- **YOUR GOAL**: Could you restate word for word every line from the one containing "The interval after image 1: 2.7 s." to the end of the data below, pictures excluded?

- **INFORMATION PROVIDED**:
[Start of Attachment]
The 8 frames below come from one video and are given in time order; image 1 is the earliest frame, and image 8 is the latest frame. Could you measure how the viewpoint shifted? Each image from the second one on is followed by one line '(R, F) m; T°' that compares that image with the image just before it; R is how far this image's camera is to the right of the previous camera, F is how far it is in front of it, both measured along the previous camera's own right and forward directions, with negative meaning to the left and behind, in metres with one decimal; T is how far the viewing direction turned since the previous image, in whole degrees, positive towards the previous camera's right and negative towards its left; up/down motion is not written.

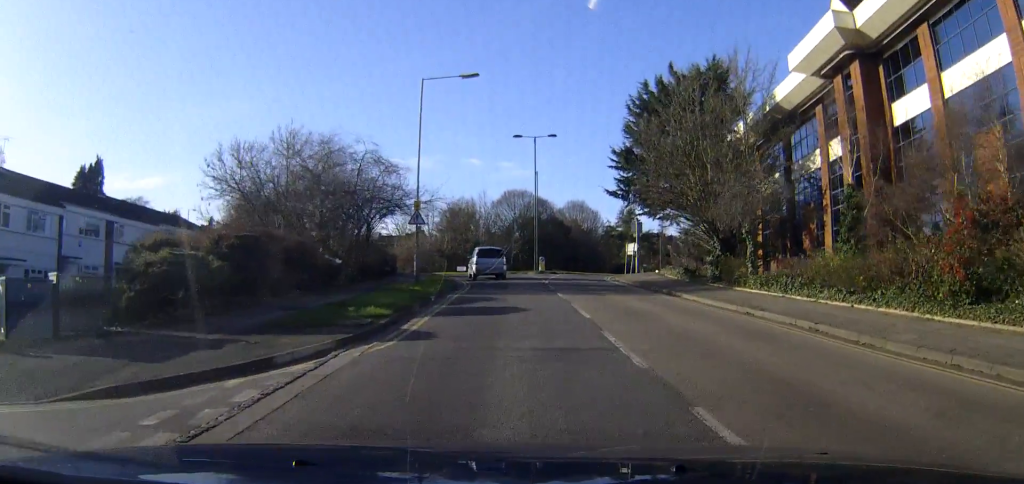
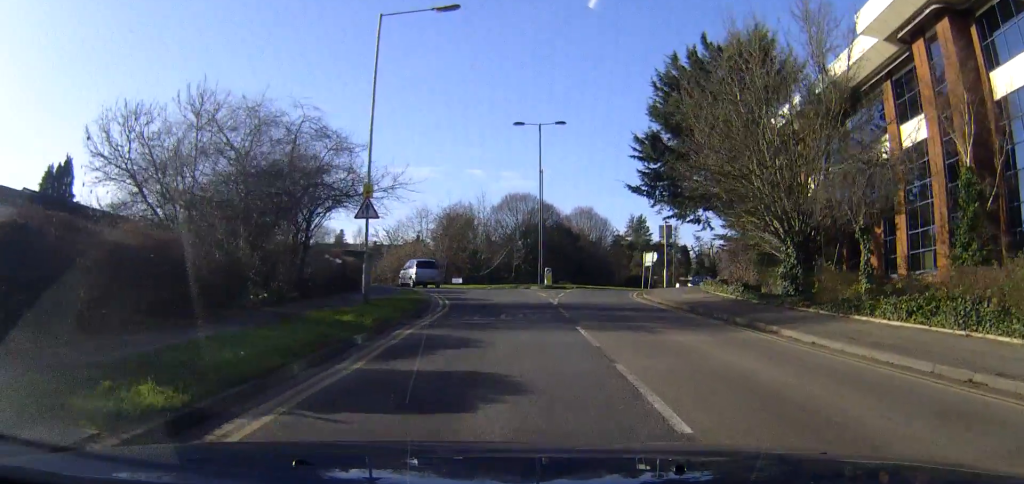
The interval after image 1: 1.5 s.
(0.0, +9.5) m; -1°
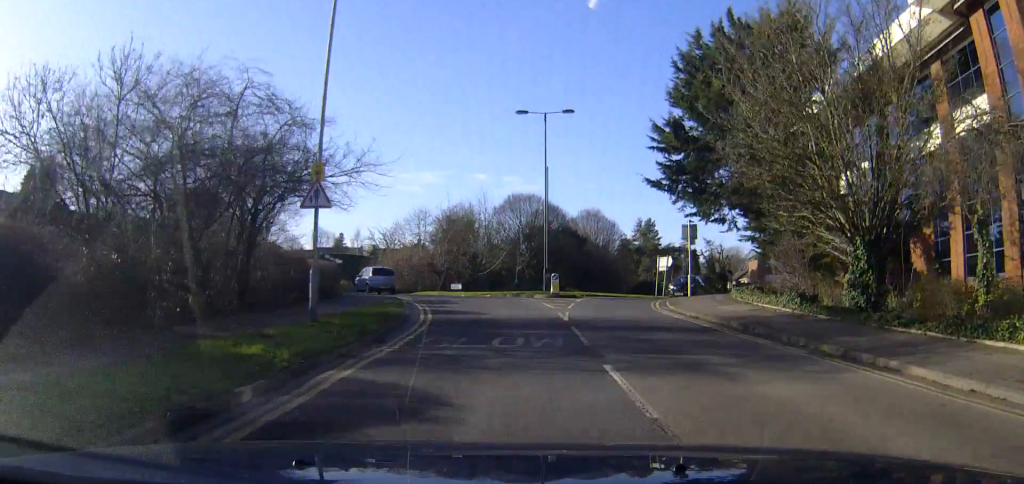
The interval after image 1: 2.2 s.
(0.0, +4.7) m; -1°
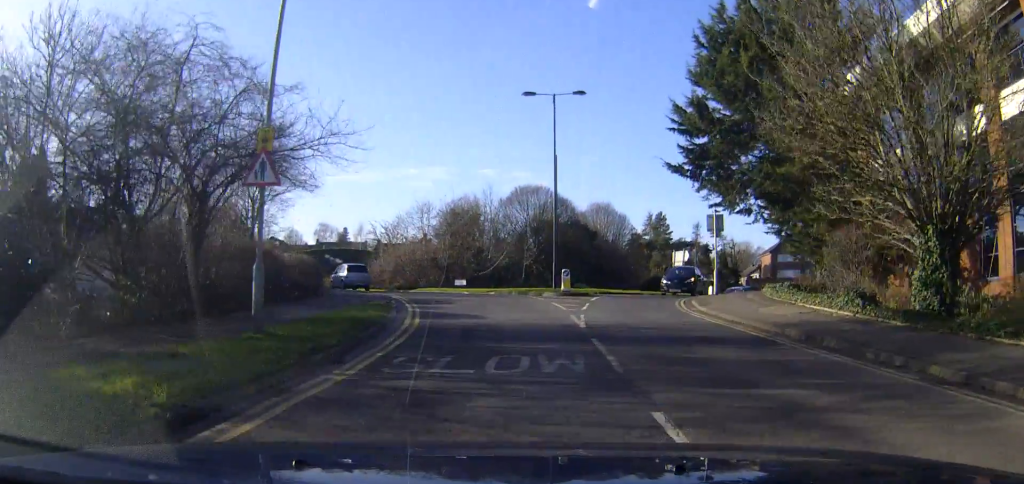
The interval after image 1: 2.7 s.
(0.0, +3.1) m; -1°
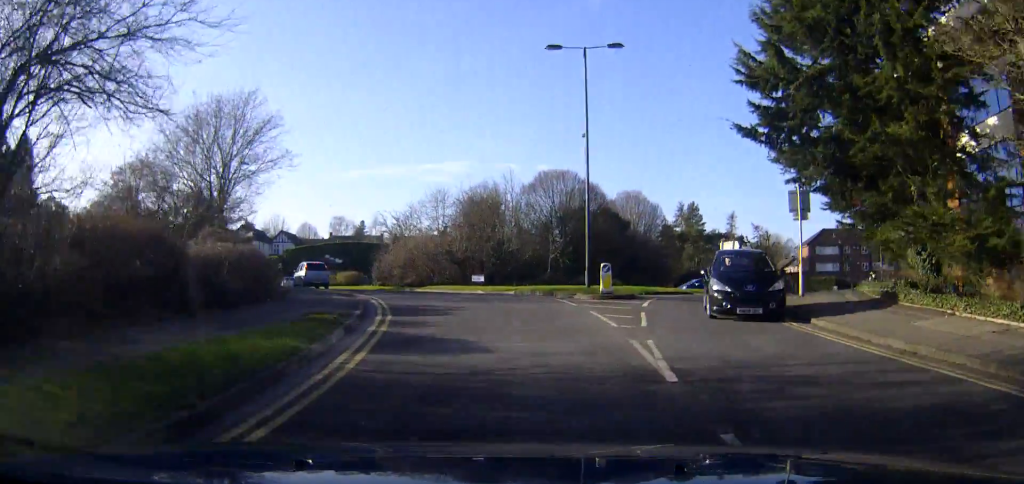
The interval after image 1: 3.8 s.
(-0.1, +6.8) m; -6°
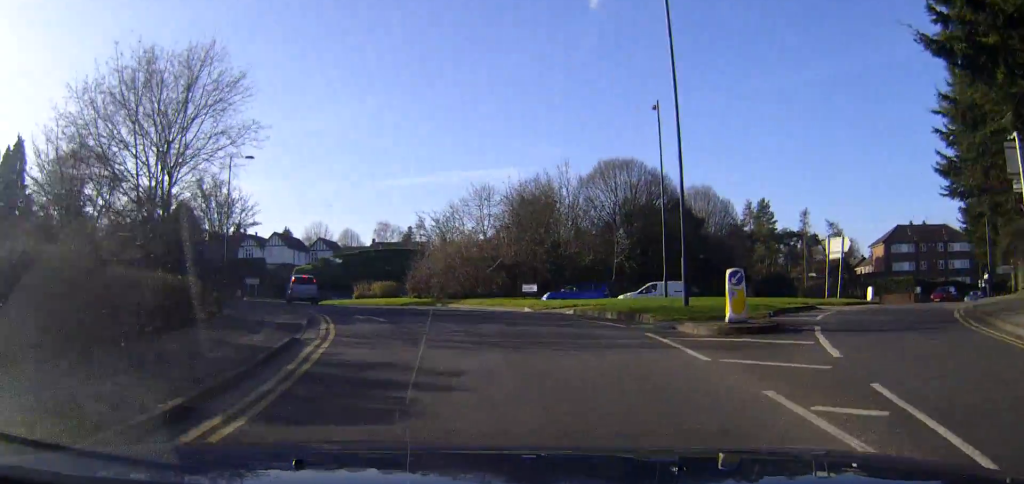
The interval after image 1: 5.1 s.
(-1.0, +9.4) m; -7°
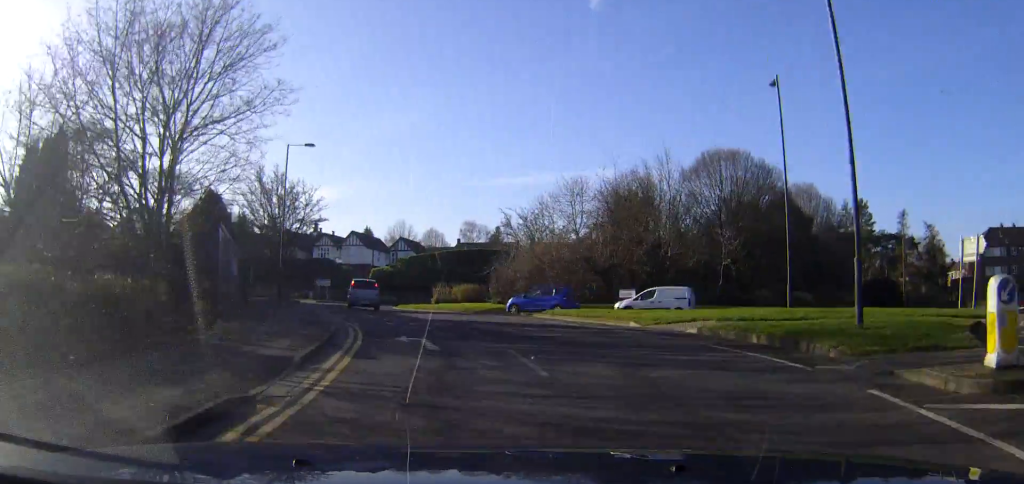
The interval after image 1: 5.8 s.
(0.0, +5.5) m; 0°
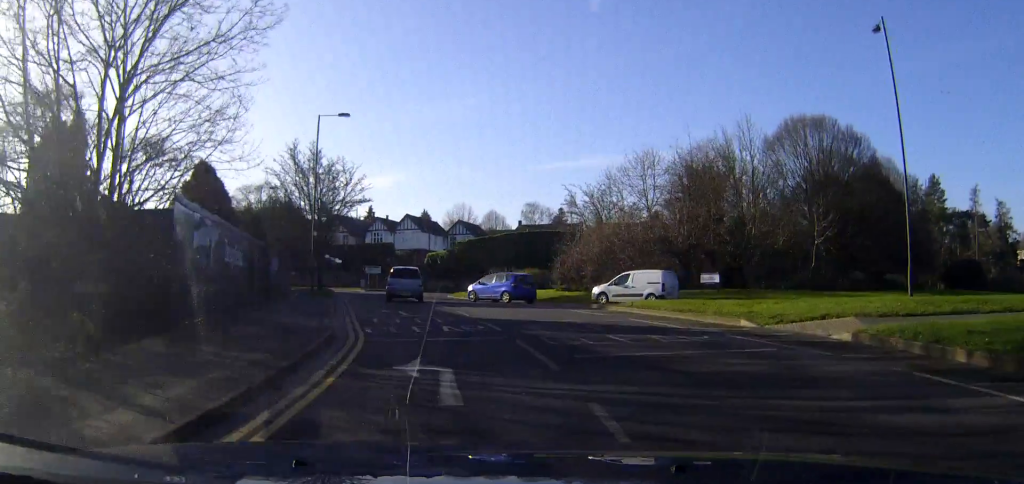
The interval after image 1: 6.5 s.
(0.0, +5.5) m; 0°
[End of Attachment]
- **REPLY**:
The interval after image 1: 2.7 s.
(0.0, +3.1) m; -1°
The interval after image 1: 3.8 s.
(-0.1, +6.8) m; -6°
The interval after image 1: 5.1 s.
(-1.0, +9.4) m; -7°
The interval after image 1: 5.8 s.
(0.0, +5.5) m; 0°
The interval after image 1: 6.5 s.
(0.0, +5.5) m; 0°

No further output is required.